<< to gekk
SIP Ping

Purpose

SIP Ping is a tool for monitoring a SIP gateway (PBX, SBC, phone) for deep dive diagnostics. Most tools for VoIP monitoring are based on meeting SLA figures and providing general "network availability" statistics. SIP Ping is for granular troubleshooting.

Say you work in the NOC of a cloud-hosted VoIP provider. A high-profile customer states that every day their entire VoIP network goes down for ten to fifteen minutes. The packet captures from your session border controller confirm the gaps in registration, but ping tests show no loss throughout the day.

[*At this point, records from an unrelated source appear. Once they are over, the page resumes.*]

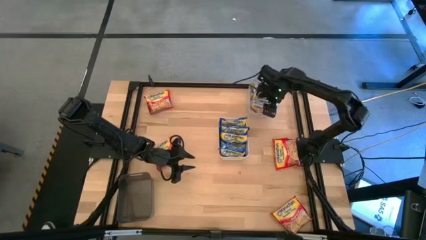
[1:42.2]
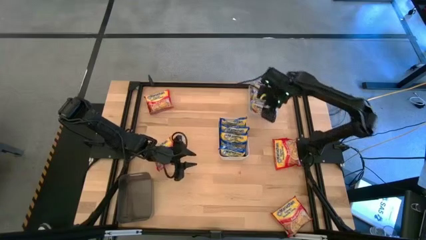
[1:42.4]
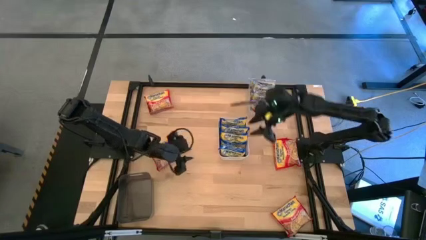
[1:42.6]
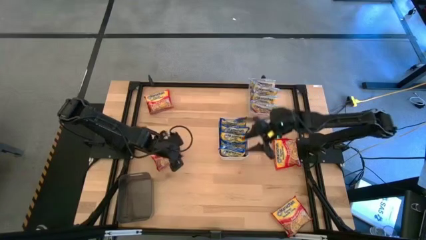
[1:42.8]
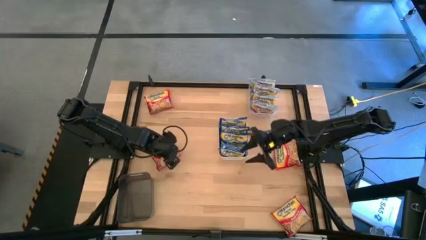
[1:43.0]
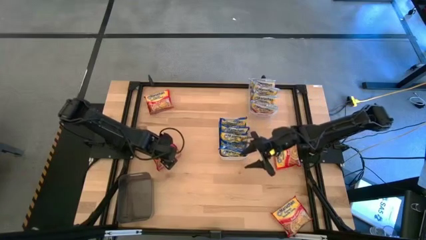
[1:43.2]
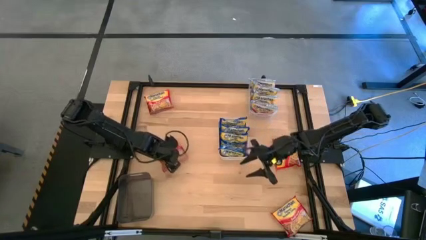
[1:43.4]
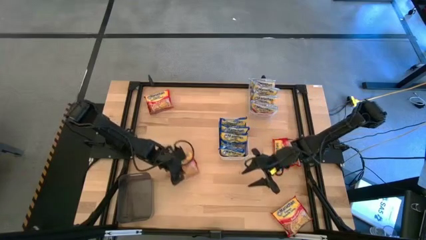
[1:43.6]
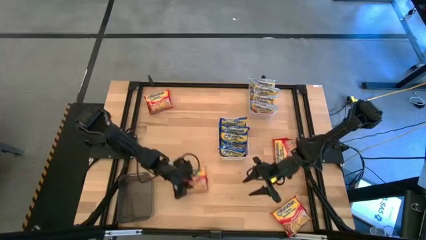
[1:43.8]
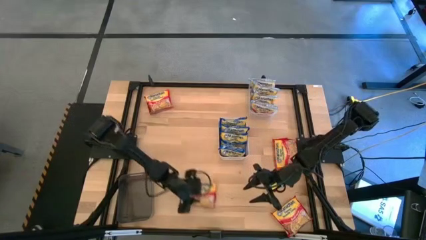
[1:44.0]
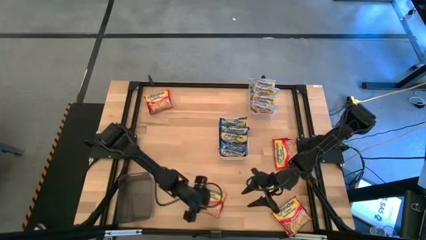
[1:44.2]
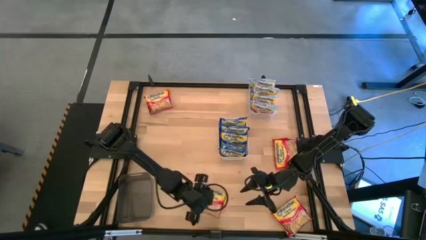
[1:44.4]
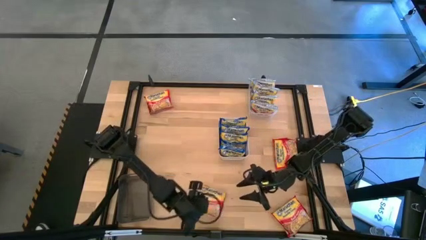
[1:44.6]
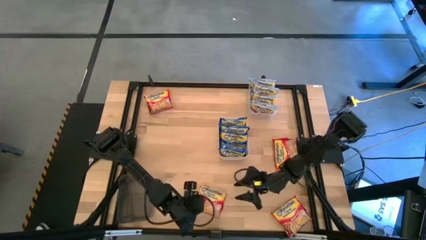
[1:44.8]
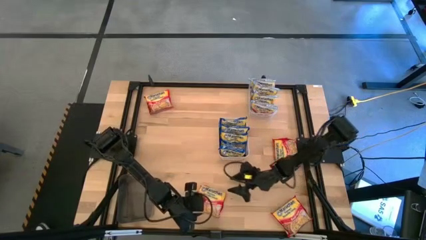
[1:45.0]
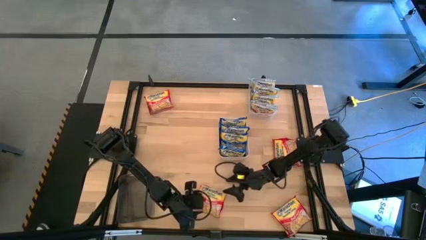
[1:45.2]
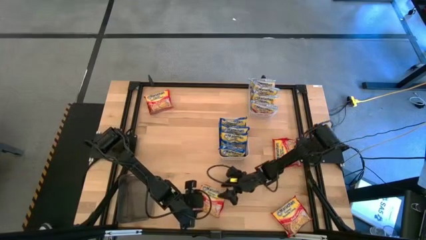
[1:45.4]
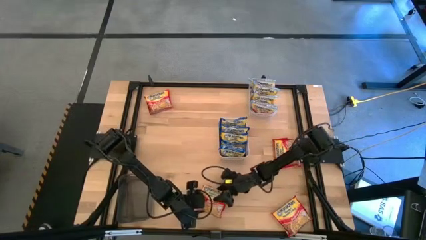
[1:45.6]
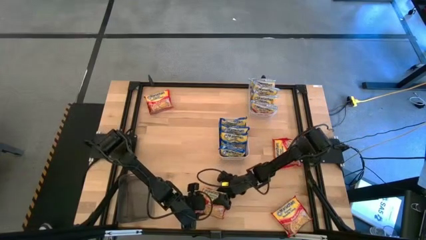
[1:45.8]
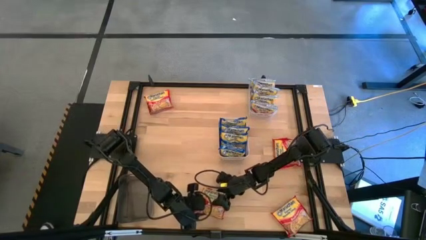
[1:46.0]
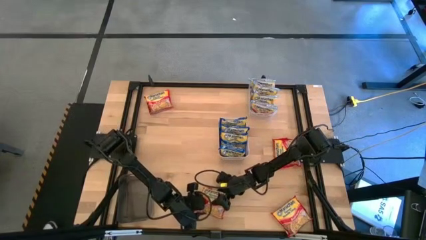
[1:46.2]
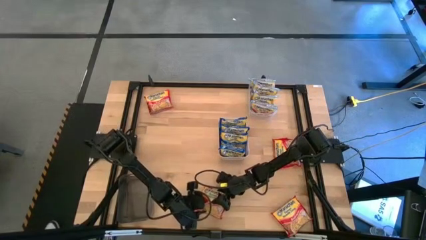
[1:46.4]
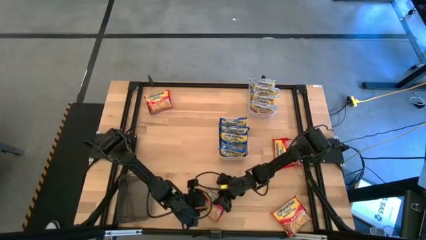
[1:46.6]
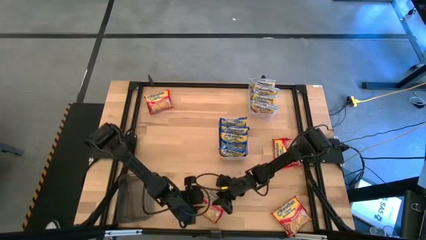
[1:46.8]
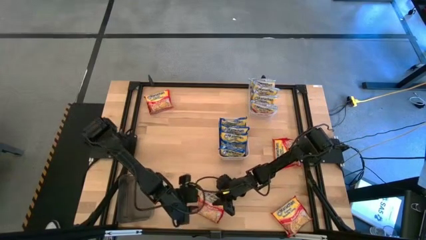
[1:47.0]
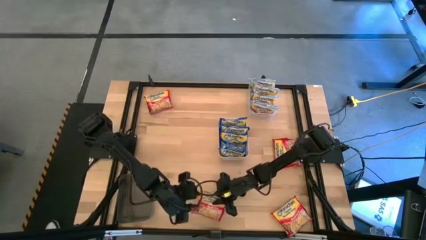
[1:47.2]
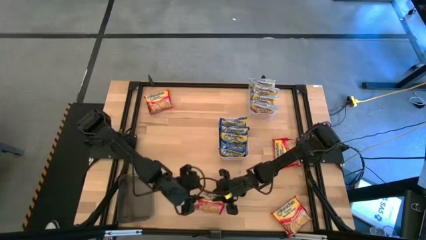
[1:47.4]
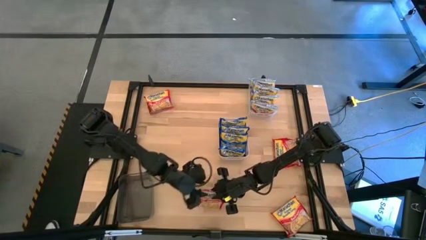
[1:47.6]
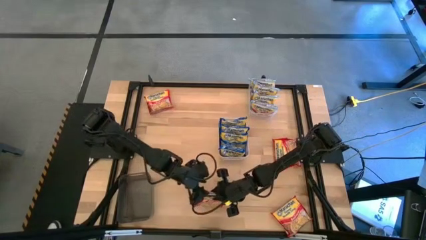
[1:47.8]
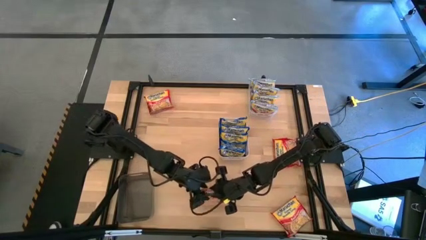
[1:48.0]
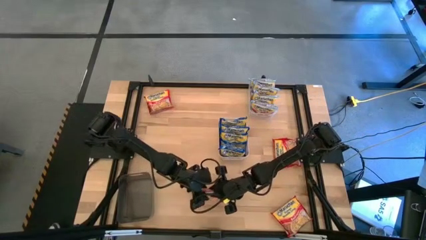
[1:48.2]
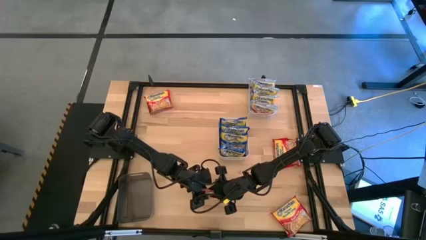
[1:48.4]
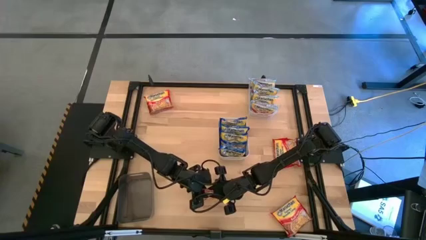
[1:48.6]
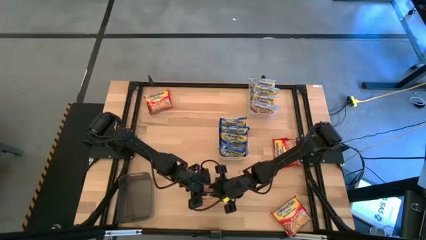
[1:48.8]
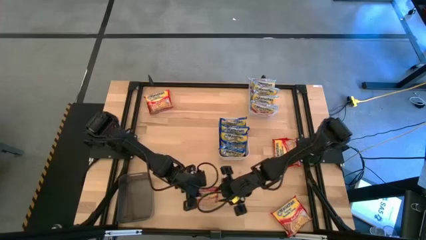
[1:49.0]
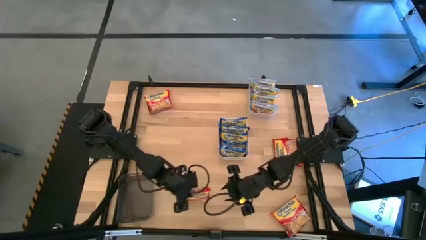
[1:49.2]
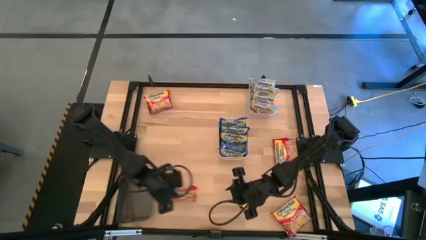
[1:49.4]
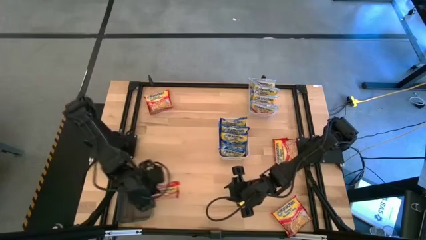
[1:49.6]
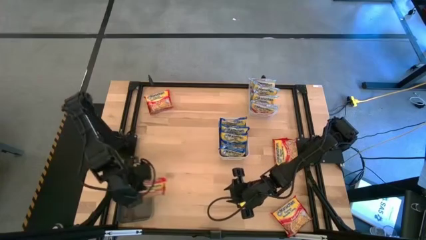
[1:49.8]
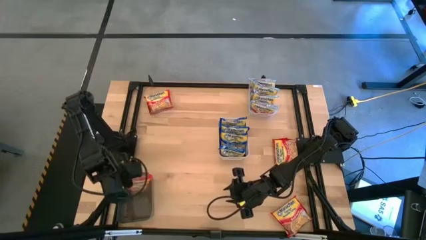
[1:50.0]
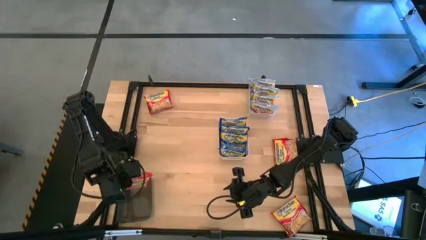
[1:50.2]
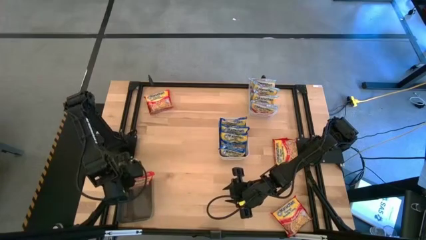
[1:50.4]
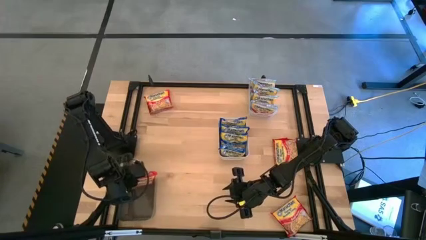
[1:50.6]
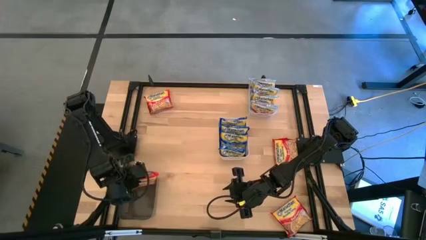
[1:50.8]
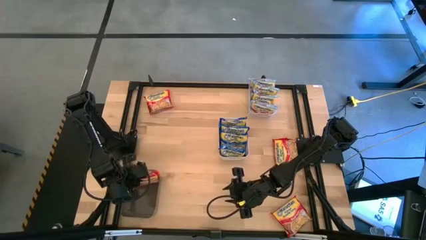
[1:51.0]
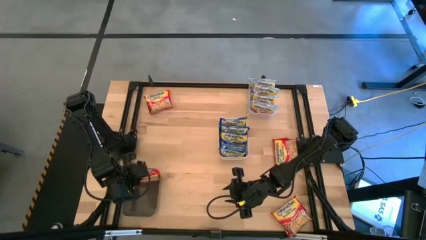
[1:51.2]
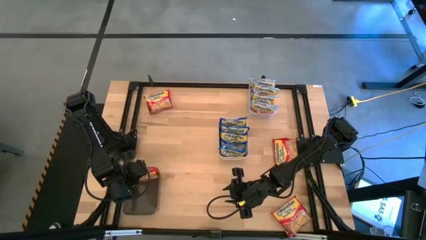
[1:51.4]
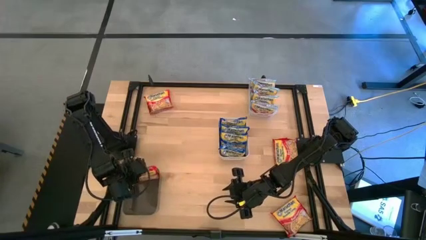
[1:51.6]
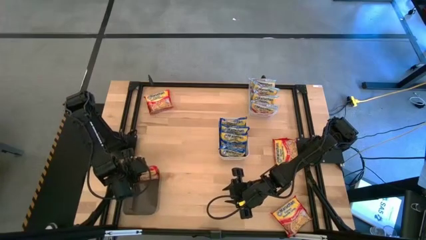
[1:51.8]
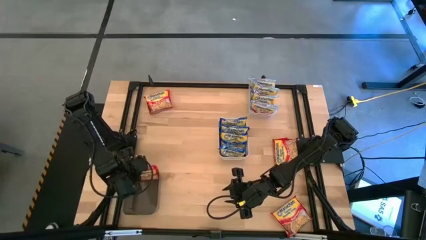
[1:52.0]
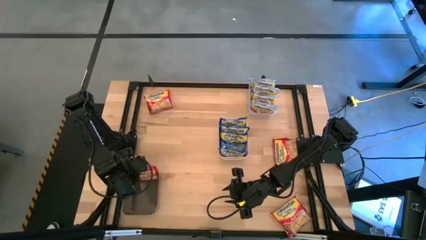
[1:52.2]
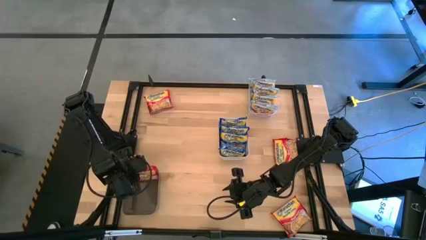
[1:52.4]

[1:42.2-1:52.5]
Task: Sort Maruchan noodles
Put the red noodle pack in the black bin

You could be looking at an overloaded or flaky SIP gateway at the customer site, a problem with a network element in your core network or trouble with a firewall at the customer site, among other things.

A key diagnostic datum is whether SIP traffic is able to transit to and from the customers site. ICMP is not SIP - you need to send real SIP packets, from different locations, and see if data can get through even when registration is failing. SIP Ping does that.

Disclaimers & Caveats

I'm not a professional software developer. I created this tool to assist in my job as a VoIP tech, and as far as I can tell it works for me. I cannot make any assurances about the accuracy and reliability of this tool.

If you need a serious, enterprise-grade tool, you're free to download and modify SIP Ping.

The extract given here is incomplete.